Saved entries:
★ ★ ★ ★

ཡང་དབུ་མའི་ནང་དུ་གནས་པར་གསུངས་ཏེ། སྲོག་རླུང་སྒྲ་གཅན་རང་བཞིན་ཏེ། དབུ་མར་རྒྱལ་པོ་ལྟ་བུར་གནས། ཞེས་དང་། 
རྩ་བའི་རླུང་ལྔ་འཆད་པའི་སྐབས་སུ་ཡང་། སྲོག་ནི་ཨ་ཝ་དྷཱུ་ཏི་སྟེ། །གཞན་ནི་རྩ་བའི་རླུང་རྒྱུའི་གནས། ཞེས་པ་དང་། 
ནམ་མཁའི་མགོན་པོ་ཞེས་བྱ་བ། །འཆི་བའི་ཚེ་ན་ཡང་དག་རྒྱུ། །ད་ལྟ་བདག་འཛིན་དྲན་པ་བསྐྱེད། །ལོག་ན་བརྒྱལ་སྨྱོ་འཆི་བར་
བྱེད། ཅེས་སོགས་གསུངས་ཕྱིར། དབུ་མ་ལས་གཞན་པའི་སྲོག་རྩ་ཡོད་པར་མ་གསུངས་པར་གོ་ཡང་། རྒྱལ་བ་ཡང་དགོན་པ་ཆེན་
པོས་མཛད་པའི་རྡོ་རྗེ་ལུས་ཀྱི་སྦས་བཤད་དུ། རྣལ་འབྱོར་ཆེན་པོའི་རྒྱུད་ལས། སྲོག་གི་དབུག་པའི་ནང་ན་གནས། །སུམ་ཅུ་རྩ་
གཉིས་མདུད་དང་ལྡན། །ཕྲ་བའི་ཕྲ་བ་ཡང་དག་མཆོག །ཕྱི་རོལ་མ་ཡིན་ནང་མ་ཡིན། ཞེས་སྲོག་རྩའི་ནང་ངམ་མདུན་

★ ★ ★ ★

What you have to do: Would you reproduce every record above exactly as it appears?

Reply to the exercise:
ཡང་དབུ་མའི་ནང་དུ་གནས་པར་གསུངས་ཏེ། སྲོག་རླུང་སྒྲ་གཅན་རང་བཞིན་ཏེ། དབུ་མར་རྒྱལ་པོ་ལྟ་བུར་གནས། ཞེས་དང་། 
རྩ་བའི་རླུང་ལྔ་འཆད་པའི་སྐབས་སུ་ཡང་། སྲོག་ནི་ཨ་ཝ་དྷཱུ་ཏི་སྟེ། །གཞན་ནི་རྩ་བའི་རླུང་རྒྱུའི་གནས། ཞེས་པ་དང་། 
ནམ་མཁའི་མགོན་པོ་ཞེས་བྱ་བ། །འཆི་བའི་ཚེ་ན་ཡང་དག་རྒྱུ། །ད་ལྟ་བདག་འཛིན་དྲན་པ་བསྐྱེད། །ལོག་ན་བརྒྱལ་སྨྱོ་འཆི་བར་
བྱེད། ཅེས་སོགས་གསུངས་ཕྱིར། དབུ་མ་ལས་གཞན་པའི་སྲོག་རྩ་ཡོད་པར་མ་གསུངས་པར་གོ་ཡང་། རྒྱལ་བ་ཡང་དགོན་པ་ཆེན་
པོས་མཛད་པའི་རྡོ་རྗེ་ལུས་ཀྱི་སྦས་བཤད་དུ། རྣལ་འབྱོར་ཆེན་པོའི་རྒྱུད་ལས། སྲོག་གི་དབུག་པའི་ནང་ན་གནས། །སུམ་ཅུ་རྩ་
གཉིས་མདུད་དང་ལྡན། །ཕྲ་བའི་ཕྲ་བ་ཡང་དག་མཆོག །ཕྱི་རོལ་མ་ཡིན་ནང་མ་ཡིན། ཞེས་སྲོག་རྩའི་ནང་ངམ་མདུན་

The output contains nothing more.